● TASK DETAILS: The entries below contain pictures. Retype everything except those pictures, exactly as given.

====

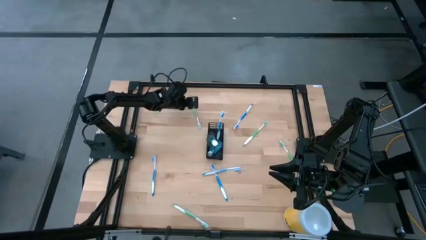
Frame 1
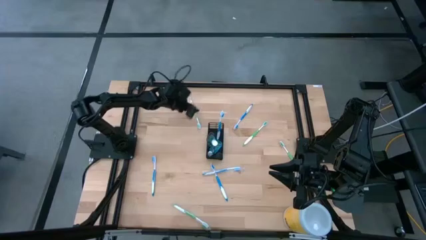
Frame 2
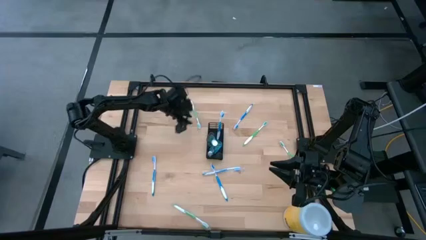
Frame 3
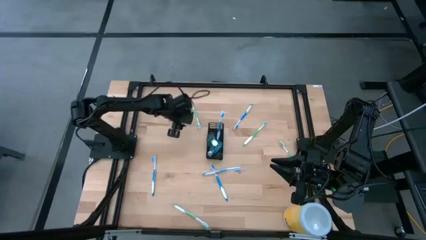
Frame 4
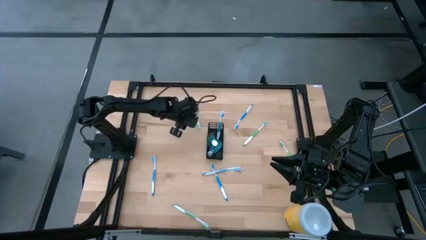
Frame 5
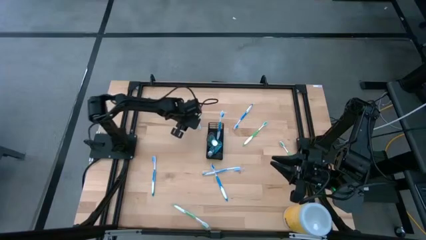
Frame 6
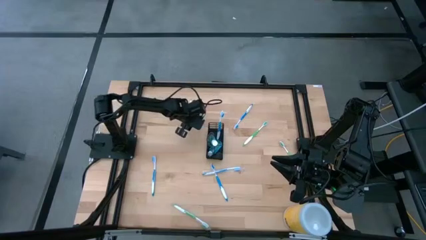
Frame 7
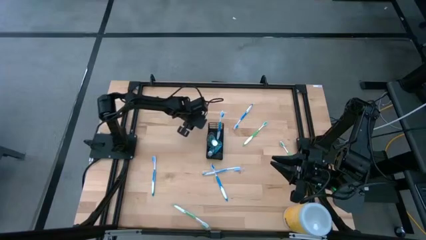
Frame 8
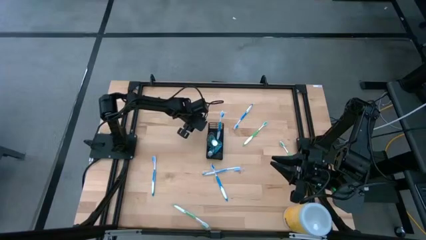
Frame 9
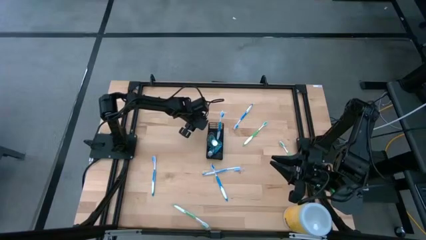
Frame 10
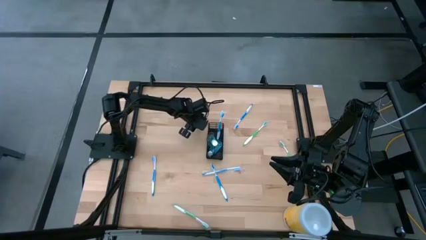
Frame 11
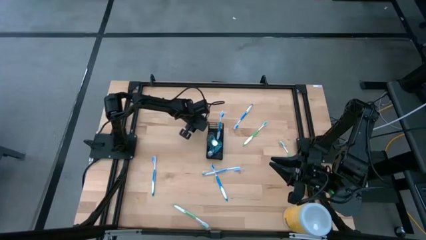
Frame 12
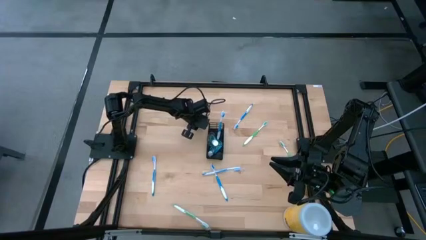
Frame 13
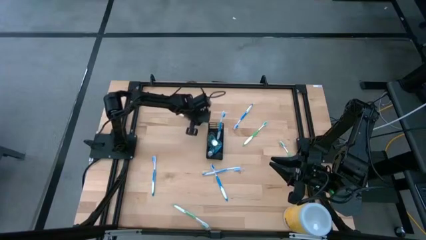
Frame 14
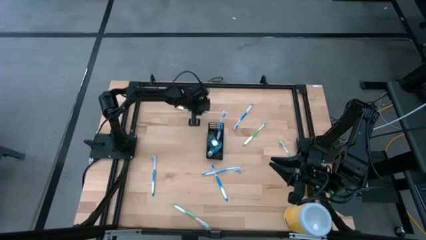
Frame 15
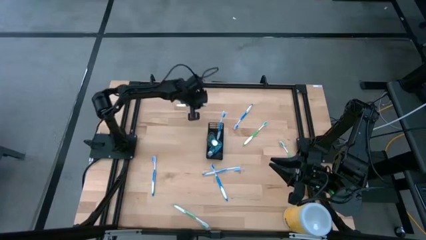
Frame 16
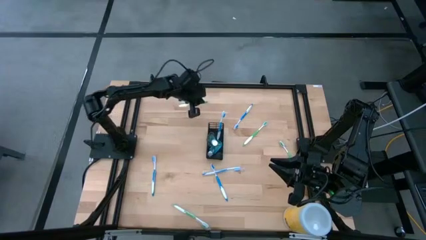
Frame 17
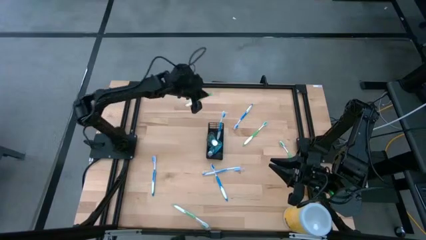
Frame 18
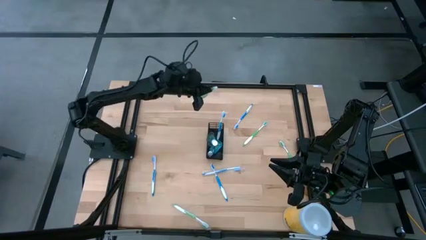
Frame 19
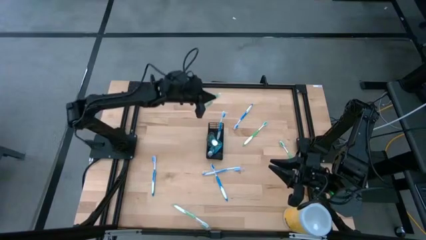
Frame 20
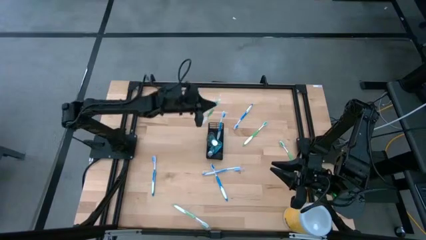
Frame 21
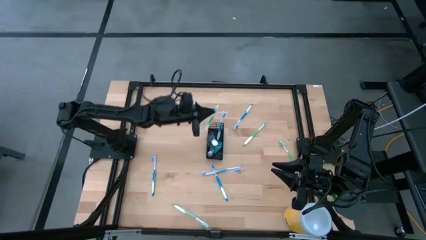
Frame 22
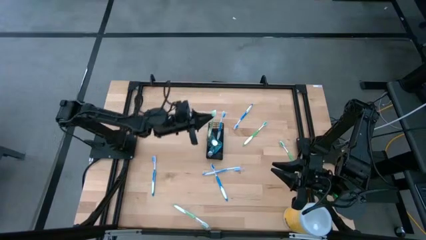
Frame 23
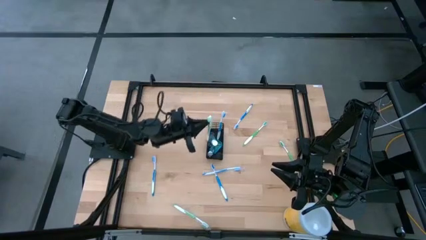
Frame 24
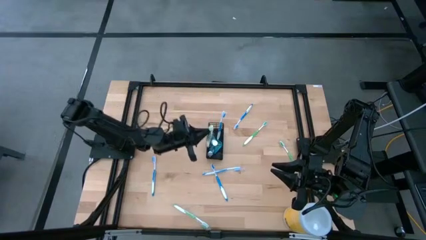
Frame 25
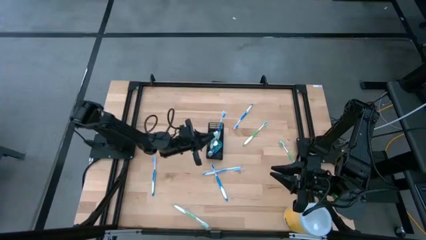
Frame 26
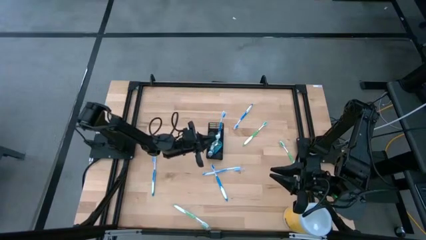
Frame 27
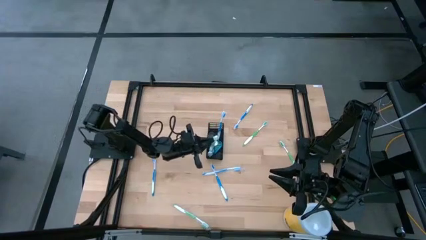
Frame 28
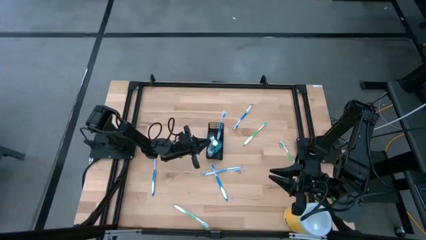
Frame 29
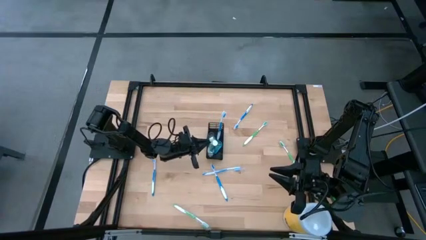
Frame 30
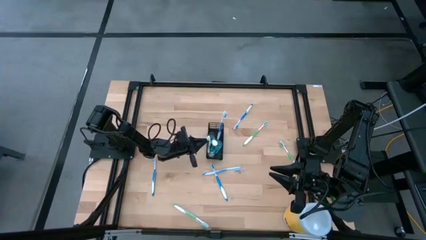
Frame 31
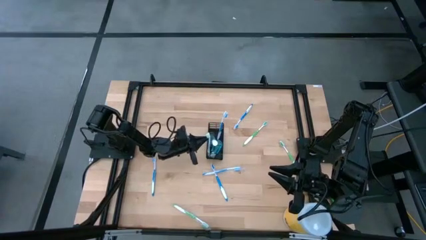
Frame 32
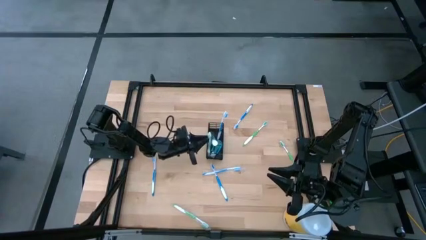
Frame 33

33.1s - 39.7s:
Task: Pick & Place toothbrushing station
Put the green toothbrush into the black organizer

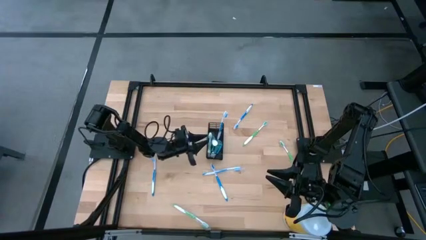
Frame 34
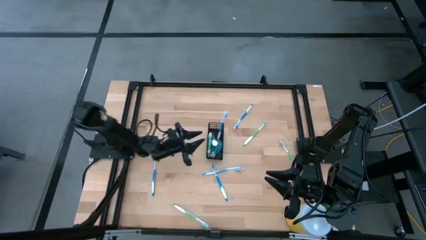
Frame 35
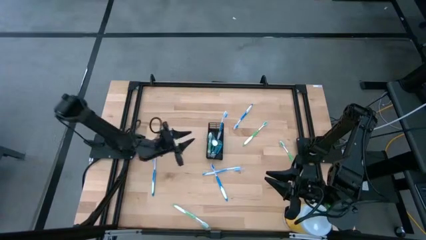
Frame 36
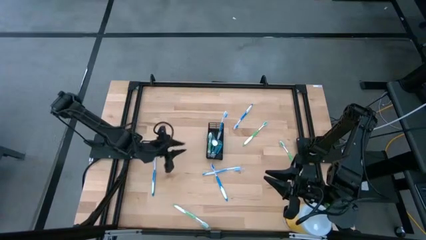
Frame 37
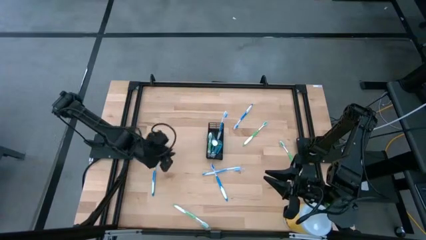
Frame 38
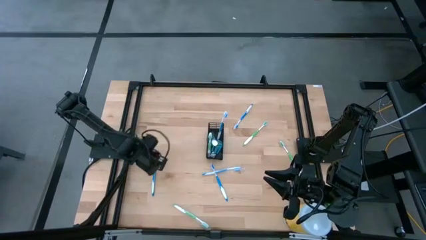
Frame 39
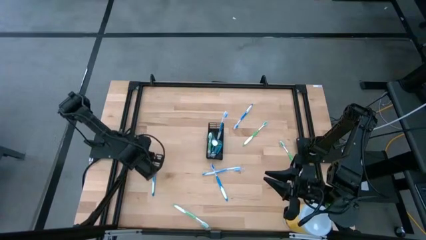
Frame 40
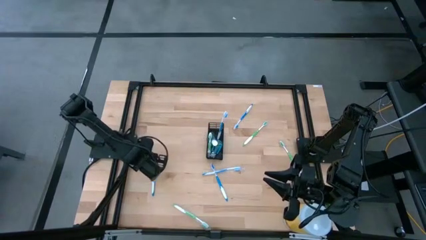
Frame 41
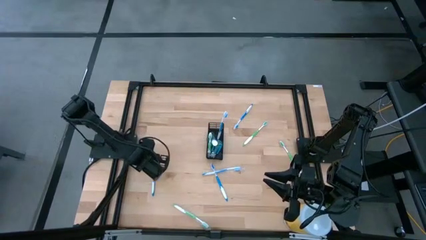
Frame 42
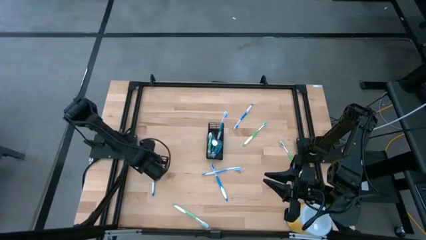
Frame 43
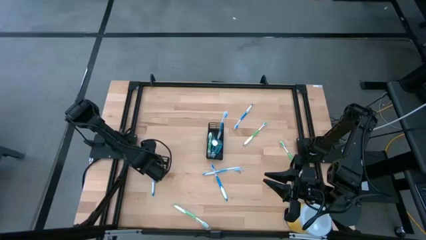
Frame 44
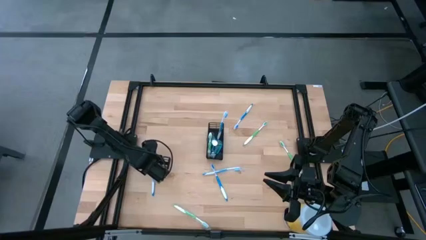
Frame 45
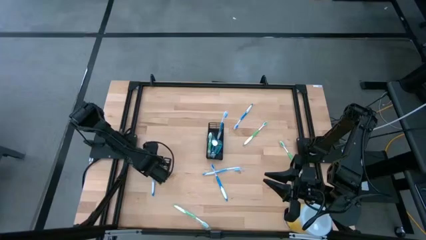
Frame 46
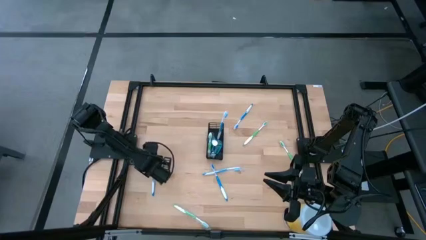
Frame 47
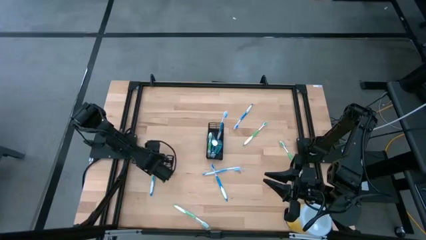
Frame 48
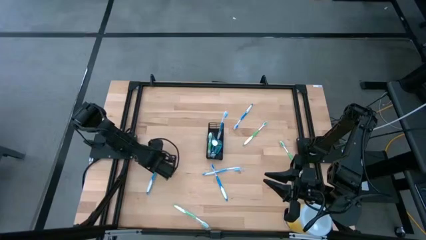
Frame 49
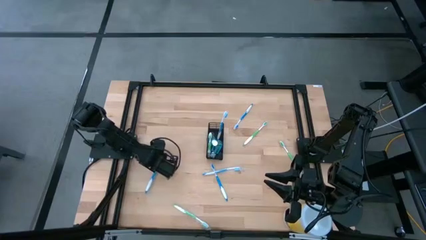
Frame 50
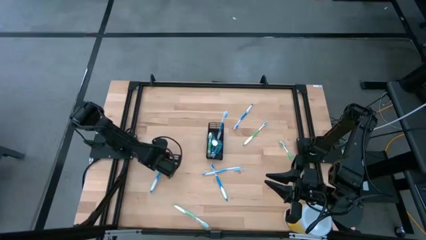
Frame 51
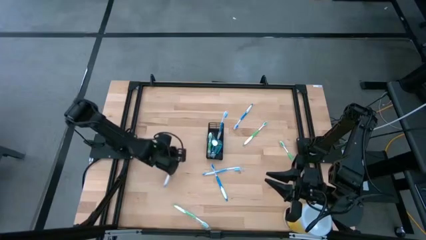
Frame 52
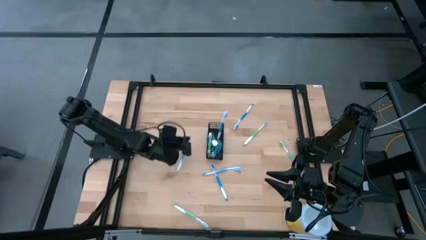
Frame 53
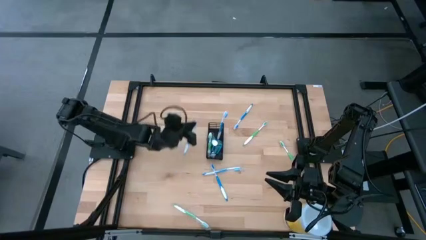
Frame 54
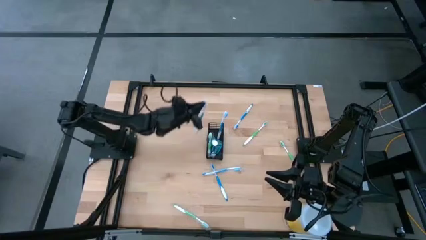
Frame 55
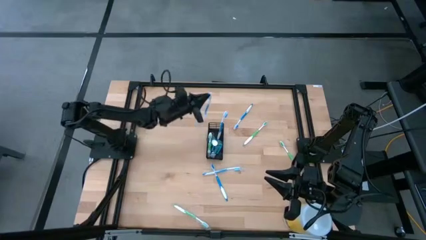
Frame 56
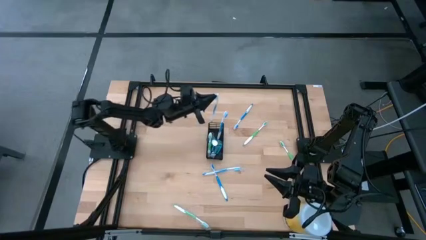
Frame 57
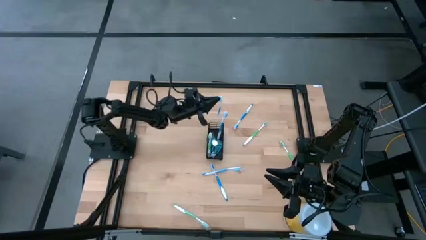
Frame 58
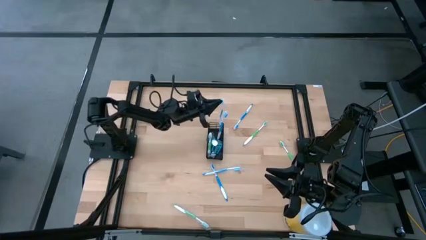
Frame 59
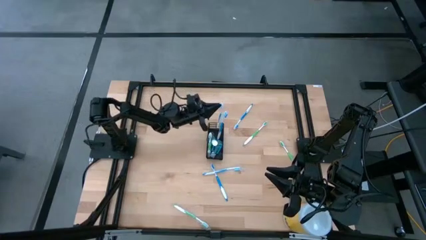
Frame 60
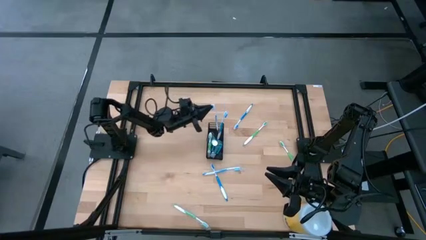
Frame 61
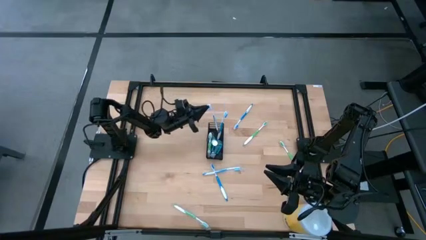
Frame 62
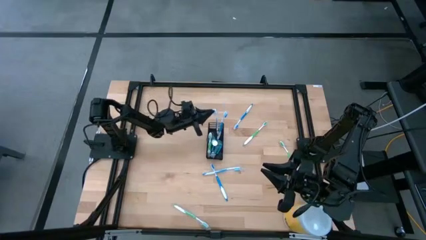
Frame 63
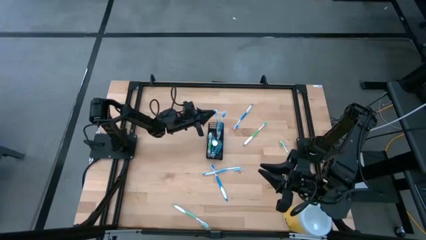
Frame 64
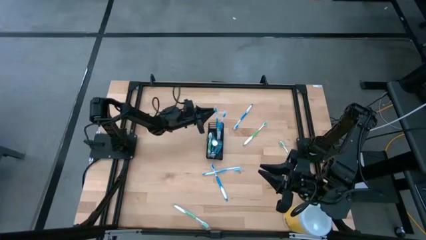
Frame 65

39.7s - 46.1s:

====

● RESPONSE AREA:
Frame 1
Frame 2
Frame 3
Frame 4
Frame 5
Frame 6
Frame 7
Frame 8
Frame 9
Frame 10
Frame 11
Frame 12
Frame 13
Frame 14
Frame 15
Frame 16
Frame 17
Frame 18
Frame 19
Frame 20
Frame 21
Frame 22
Frame 23
Frame 24
Frame 25
Frame 26
Frame 27
Frame 28
Frame 29
Frame 30
Frame 31
Frame 32
Frame 33

33.1s - 39.7s:
Task: Pick & Place toothbrushing station
Put the green toothbrush into the black organizer

Frame 34
Frame 35
Frame 36
Frame 37
Frame 38
Frame 39
Frame 40
Frame 41
Frame 42
Frame 43
Frame 44
Frame 45
Frame 46
Frame 47
Frame 48
Frame 49
Frame 50
Frame 51
Frame 52
Frame 53
Frame 54
Frame 55
Frame 56
Frame 57
Frame 58
Frame 59
Frame 60
Frame 61
Frame 62
Frame 63
Frame 64
Frame 65

39.7s - 46.1s:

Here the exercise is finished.